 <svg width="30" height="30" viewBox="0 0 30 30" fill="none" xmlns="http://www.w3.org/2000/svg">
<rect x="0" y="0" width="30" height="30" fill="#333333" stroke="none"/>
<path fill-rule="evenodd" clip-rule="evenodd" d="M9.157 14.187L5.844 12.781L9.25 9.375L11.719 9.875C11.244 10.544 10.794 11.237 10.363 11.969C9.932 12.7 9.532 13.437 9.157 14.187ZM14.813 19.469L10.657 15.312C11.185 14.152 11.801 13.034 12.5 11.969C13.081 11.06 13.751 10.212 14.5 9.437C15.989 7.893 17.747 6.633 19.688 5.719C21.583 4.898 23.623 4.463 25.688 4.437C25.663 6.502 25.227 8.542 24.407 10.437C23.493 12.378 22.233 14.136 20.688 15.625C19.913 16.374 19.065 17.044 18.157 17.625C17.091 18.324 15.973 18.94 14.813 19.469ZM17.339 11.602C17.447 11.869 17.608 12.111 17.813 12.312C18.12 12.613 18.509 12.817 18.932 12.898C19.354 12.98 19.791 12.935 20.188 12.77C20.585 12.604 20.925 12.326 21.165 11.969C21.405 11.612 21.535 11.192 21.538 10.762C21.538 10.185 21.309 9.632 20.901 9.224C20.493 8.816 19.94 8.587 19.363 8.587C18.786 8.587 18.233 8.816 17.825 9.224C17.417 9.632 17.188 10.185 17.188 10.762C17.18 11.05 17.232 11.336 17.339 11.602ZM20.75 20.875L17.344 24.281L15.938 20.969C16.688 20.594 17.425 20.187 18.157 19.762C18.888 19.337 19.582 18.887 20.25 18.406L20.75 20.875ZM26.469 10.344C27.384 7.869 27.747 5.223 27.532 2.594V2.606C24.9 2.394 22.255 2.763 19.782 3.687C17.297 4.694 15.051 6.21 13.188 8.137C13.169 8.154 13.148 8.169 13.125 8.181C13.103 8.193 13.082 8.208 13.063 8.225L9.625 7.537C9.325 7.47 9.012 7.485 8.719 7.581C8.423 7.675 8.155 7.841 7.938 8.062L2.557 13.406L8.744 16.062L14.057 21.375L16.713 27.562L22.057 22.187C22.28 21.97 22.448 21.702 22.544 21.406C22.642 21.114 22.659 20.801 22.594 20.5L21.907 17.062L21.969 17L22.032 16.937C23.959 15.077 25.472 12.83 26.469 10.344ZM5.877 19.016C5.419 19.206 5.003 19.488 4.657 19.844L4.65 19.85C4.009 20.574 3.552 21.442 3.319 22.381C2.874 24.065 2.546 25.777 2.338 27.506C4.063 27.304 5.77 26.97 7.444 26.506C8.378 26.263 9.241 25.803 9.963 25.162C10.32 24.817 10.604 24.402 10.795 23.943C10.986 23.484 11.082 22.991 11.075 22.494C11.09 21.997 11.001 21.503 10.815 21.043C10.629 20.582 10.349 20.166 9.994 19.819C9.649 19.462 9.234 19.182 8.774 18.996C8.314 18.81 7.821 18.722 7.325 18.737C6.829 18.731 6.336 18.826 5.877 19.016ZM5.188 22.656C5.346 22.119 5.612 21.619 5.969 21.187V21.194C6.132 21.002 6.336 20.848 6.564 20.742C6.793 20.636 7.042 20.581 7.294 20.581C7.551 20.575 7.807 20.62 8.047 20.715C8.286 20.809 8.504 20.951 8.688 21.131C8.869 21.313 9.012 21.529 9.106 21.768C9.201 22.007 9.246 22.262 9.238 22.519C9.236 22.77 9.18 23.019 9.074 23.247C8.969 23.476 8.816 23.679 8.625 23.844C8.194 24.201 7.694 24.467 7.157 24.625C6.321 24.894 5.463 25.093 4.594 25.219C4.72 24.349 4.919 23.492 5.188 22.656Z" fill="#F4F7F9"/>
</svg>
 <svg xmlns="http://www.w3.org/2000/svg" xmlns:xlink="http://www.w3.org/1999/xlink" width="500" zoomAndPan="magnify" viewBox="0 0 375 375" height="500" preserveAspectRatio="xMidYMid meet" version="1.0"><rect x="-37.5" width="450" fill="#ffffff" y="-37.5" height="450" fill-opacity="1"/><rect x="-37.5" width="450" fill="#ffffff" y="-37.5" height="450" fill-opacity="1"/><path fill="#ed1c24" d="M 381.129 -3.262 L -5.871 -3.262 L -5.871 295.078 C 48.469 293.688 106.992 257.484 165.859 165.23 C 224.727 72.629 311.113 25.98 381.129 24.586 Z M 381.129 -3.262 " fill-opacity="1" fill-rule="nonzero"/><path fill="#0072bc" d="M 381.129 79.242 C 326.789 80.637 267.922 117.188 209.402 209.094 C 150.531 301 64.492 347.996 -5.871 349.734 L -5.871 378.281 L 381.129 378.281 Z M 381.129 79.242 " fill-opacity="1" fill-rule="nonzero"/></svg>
____
YOUR INSTRUCTIONS »
Exactly as written, return every line of the material.

OUTPUT OF THE TASK »
 <svg width="30" height="30" viewBox="0 0 30 30" fill="none" xmlns="http://www.w3.org/2000/svg">
<rect x="0" y="0" width="30" height="30" fill="#333333" stroke="none"/>
<path fill-rule="evenodd" clip-rule="evenodd" d="M9.157 14.187L5.844 12.781L9.25 9.375L11.719 9.875C11.244 10.544 10.794 11.237 10.363 11.969C9.932 12.7 9.532 13.437 9.157 14.187ZM14.813 19.469L10.657 15.312C11.185 14.152 11.801 13.034 12.5 11.969C13.081 11.06 13.751 10.212 14.5 9.437C15.989 7.893 17.747 6.633 19.688 5.719C21.583 4.898 23.623 4.463 25.688 4.437C25.663 6.502 25.227 8.542 24.407 10.437C23.493 12.378 22.233 14.136 20.688 15.625C19.913 16.374 19.065 17.044 18.157 17.625C17.091 18.324 15.973 18.94 14.813 19.469ZM17.339 11.602C17.447 11.869 17.608 12.111 17.813 12.312C18.12 12.613 18.509 12.817 18.932 12.898C19.354 12.98 19.791 12.935 20.188 12.77C20.585 12.604 20.925 12.326 21.165 11.969C21.405 11.612 21.535 11.192 21.538 10.762C21.538 10.185 21.309 9.632 20.901 9.224C20.493 8.816 19.94 8.587 19.363 8.587C18.786 8.587 18.233 8.816 17.825 9.224C17.417 9.632 17.188 10.185 17.188 10.762C17.18 11.05 17.232 11.336 17.339 11.602ZM20.75 20.875L17.344 24.281L15.938 20.969C16.688 20.594 17.425 20.187 18.157 19.762C18.888 19.337 19.582 18.887 20.25 18.406L20.75 20.875ZM26.469 10.344C27.384 7.869 27.747 5.223 27.532 2.594V2.606C24.9 2.394 22.255 2.763 19.782 3.687C17.297 4.694 15.051 6.21 13.188 8.137C13.169 8.154 13.148 8.169 13.125 8.181C13.103 8.193 13.082 8.208 13.063 8.225L9.625 7.537C9.325 7.47 9.012 7.485 8.719 7.581C8.423 7.675 8.155 7.841 7.938 8.062L2.557 13.406L8.744 16.062L14.057 21.375L16.713 27.562L22.057 22.187C22.28 21.97 22.448 21.702 22.544 21.406C22.642 21.114 22.659 20.801 22.594 20.5L21.907 17.062L21.969 17L22.032 16.937C23.959 15.077 25.472 12.83 26.469 10.344ZM5.877 19.016C5.419 19.206 5.003 19.488 4.657 19.844L4.65 19.85C4.009 20.574 3.552 21.442 3.319 22.381C2.874 24.065 2.546 25.777 2.338 27.506C4.063 27.304 5.77 26.97 7.444 26.506C8.378 26.263 9.241 25.803 9.963 25.162C10.32 24.817 10.604 24.402 10.795 23.943C10.986 23.484 11.082 22.991 11.075 22.494C11.09 21.997 11.001 21.503 10.815 21.043C10.629 20.582 10.349 20.166 9.994 19.819C9.649 19.462 9.234 19.182 8.774 18.996C8.314 18.81 7.821 18.722 7.325 18.737C6.829 18.731 6.336 18.826 5.877 19.016ZM5.188 22.656C5.346 22.119 5.612 21.619 5.969 21.187V21.194C6.132 21.002 6.336 20.848 6.564 20.742C6.793 20.636 7.042 20.581 7.294 20.581C7.551 20.575 7.807 20.62 8.047 20.715C8.286 20.809 8.504 20.951 8.688 21.131C8.869 21.313 9.012 21.529 9.106 21.768C9.201 22.007 9.246 22.262 9.238 22.519C9.236 22.77 9.18 23.019 9.074 23.247C8.969 23.476 8.816 23.679 8.625 23.844C8.194 24.201 7.694 24.467 7.157 24.625C6.321 24.894 5.463 25.093 4.594 25.219C4.72 24.349 4.919 23.492 5.188 22.656Z" fill="#F4F7F9"/>
</svg>
 <svg xmlns="http://www.w3.org/2000/svg" xmlns:xlink="http://www.w3.org/1999/xlink" width="500" zoomAndPan="magnify" viewBox="0 0 375 375" height="500" preserveAspectRatio="xMidYMid meet" version="1.0"><rect x="-37.5" width="450" fill="#ffffff" y="-37.5" height="450" fill-opacity="1"/><rect x="-37.5" width="450" fill="#ffffff" y="-37.5" height="450" fill-opacity="1"/><path fill="#ed1c24" d="M 381.129 -3.262 L -5.871 -3.262 L -5.871 295.078 C 48.469 293.688 106.992 257.484 165.859 165.23 C 224.727 72.629 311.113 25.98 381.129 24.586 Z M 381.129 -3.262 " fill-opacity="1" fill-rule="nonzero"/><path fill="#0072bc" d="M 381.129 79.242 C 326.789 80.637 267.922 117.188 209.402 209.094 C 150.531 301 64.492 347.996 -5.871 349.734 L -5.871 378.281 L 381.129 378.281 Z M 381.129 79.242 " fill-opacity="1" fill-rule="nonzero"/></svg>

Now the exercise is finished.